◆ **WHAT YOU WILL DO**: Return the listing that follows exactly, with no pictures included.

(SUPPLIED RECORDS)

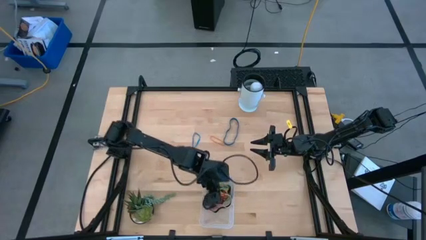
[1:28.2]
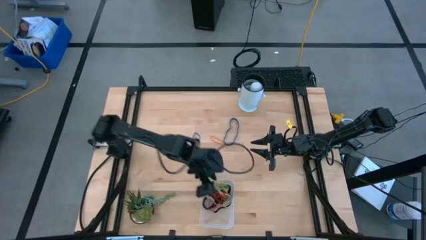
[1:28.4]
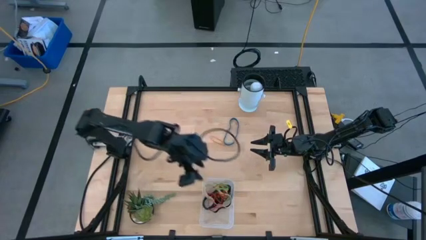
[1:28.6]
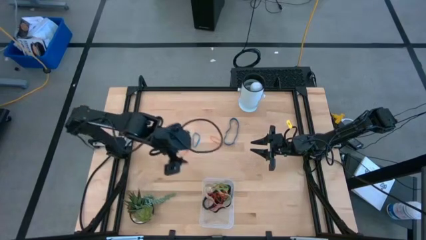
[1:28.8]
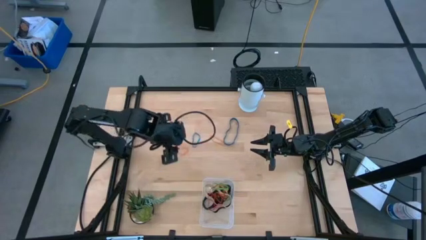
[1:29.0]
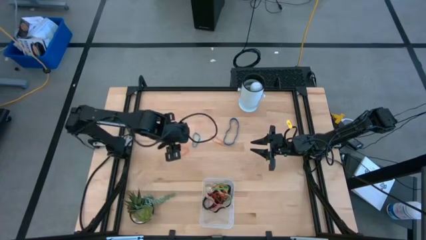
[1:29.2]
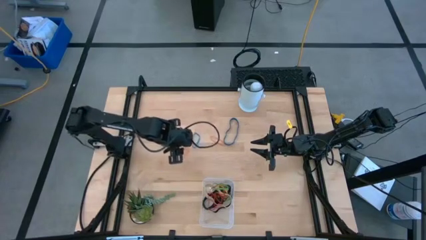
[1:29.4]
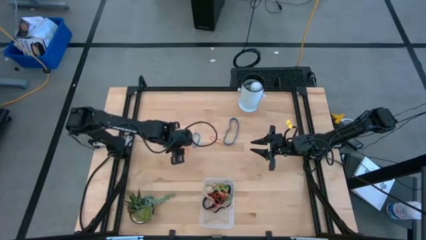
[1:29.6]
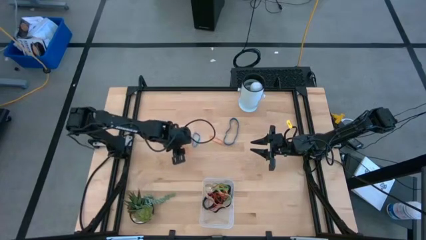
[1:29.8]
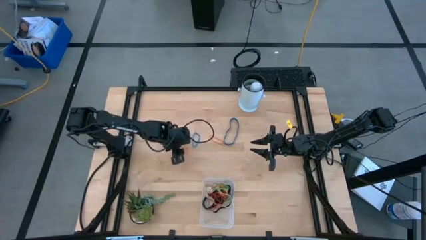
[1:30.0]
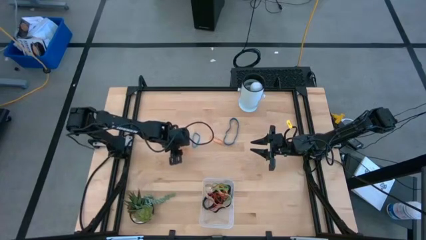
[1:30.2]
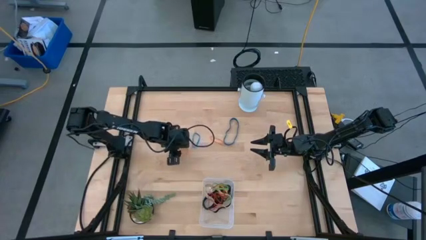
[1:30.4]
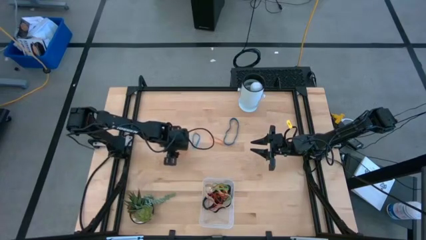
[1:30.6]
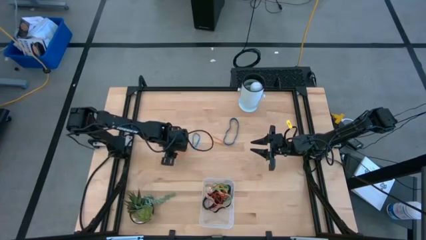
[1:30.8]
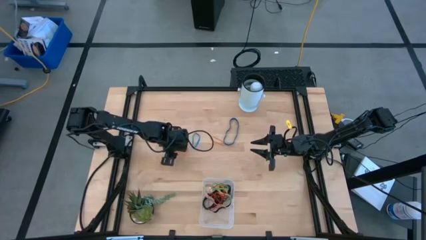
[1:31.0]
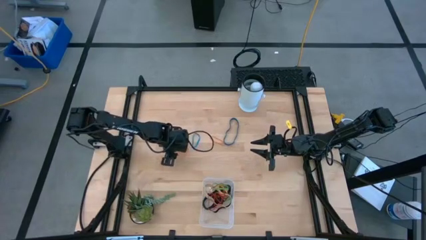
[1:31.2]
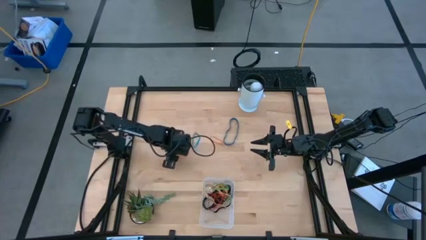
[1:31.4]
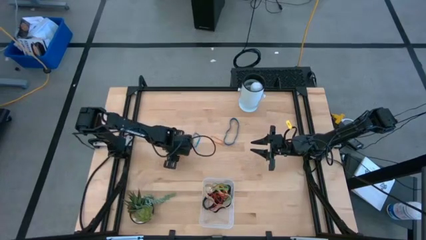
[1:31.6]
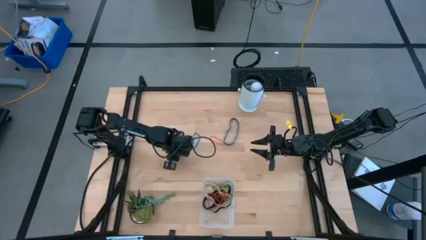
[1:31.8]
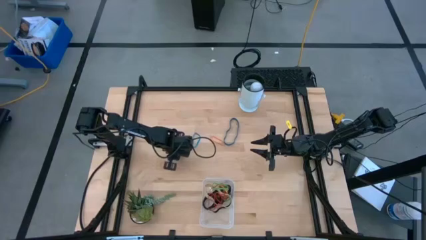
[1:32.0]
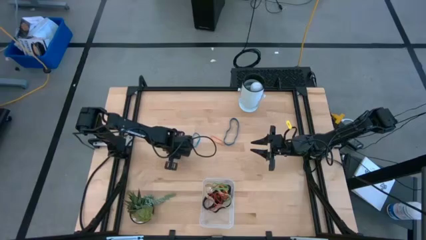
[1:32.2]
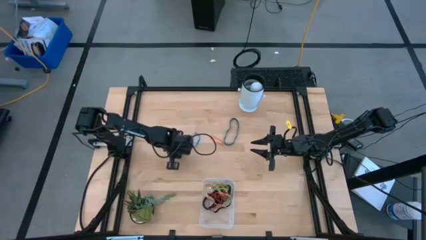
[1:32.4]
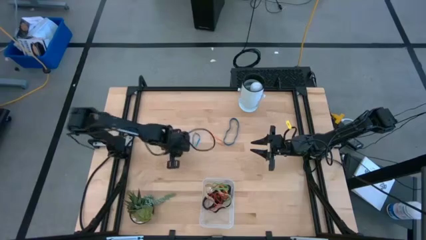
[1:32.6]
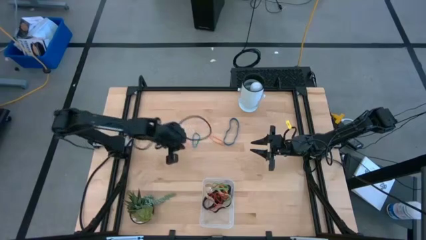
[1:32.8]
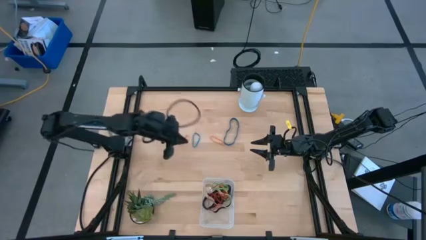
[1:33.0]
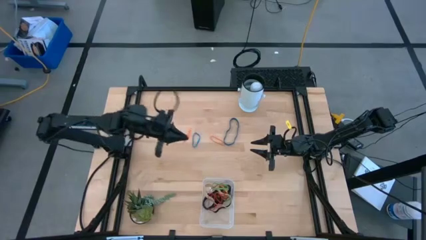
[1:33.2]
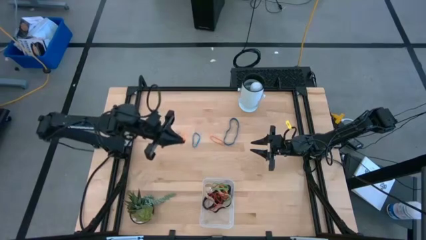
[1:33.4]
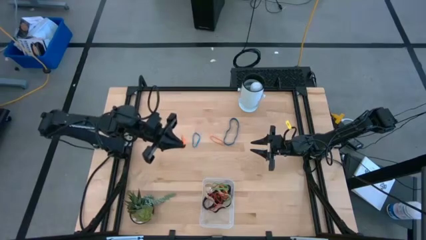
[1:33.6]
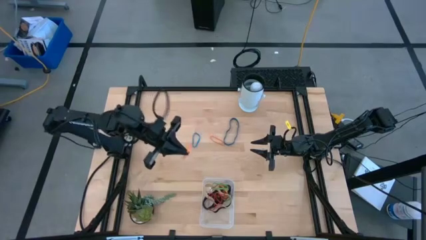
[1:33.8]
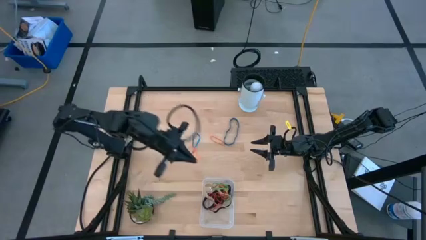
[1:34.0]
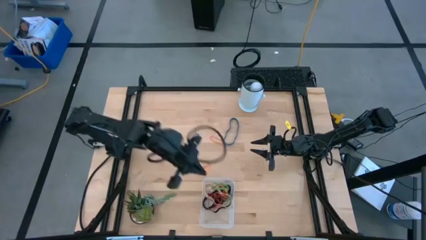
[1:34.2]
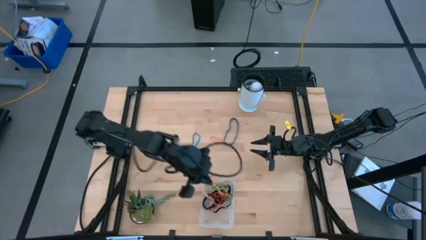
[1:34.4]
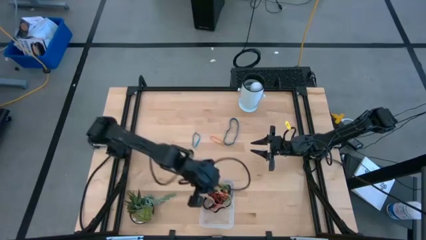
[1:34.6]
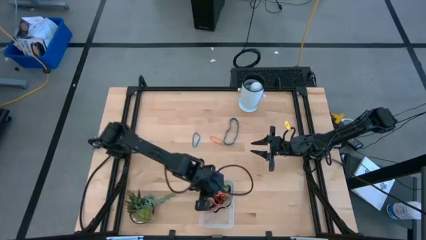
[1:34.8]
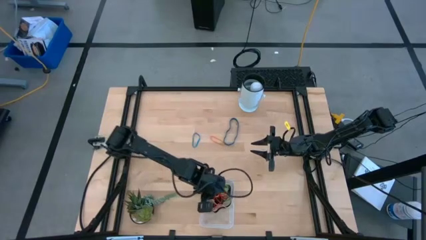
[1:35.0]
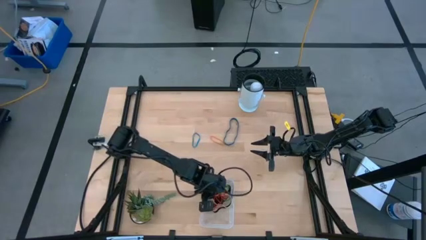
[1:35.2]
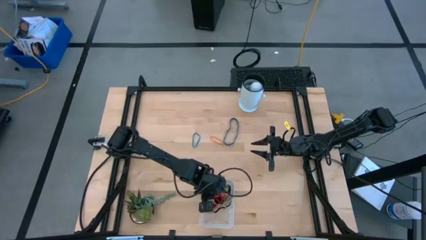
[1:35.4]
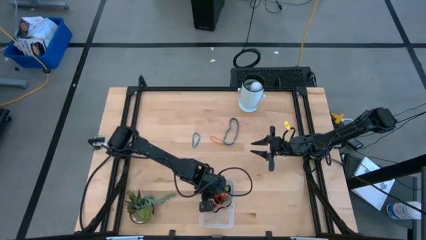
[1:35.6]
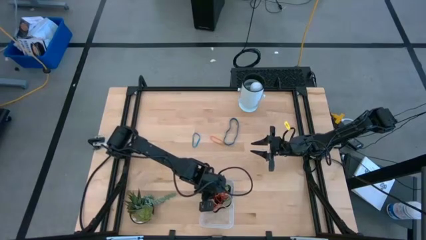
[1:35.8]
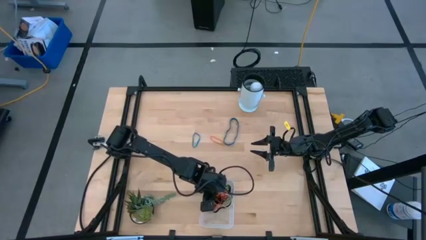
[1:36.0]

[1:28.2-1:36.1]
Put the orange rubber band into the transparent bin

(End SUPPLIED RECORDS)

◆ **TASK RESPONSE**:
[1:28.2]
[1:28.4]
[1:28.6]
[1:28.8]
[1:29.0]
[1:29.2]
[1:29.4]
[1:29.6]
[1:29.8]
[1:30.0]
[1:30.2]
[1:30.4]
[1:30.6]
[1:30.8]
[1:31.0]
[1:31.2]
[1:31.4]
[1:31.6]
[1:31.8]
[1:32.0]
[1:32.2]
[1:32.4]
[1:32.6]
[1:32.8]
[1:33.0]
[1:33.2]
[1:33.4]
[1:33.6]
[1:33.8]
[1:34.0]
[1:34.2]
[1:34.4]
[1:34.6]
[1:34.8]
[1:35.0]
[1:35.2]
[1:35.4]
[1:35.6]
[1:35.8]
[1:36.0]

[1:28.2-1:36.1]
Put the orange rubber band into the transparent bin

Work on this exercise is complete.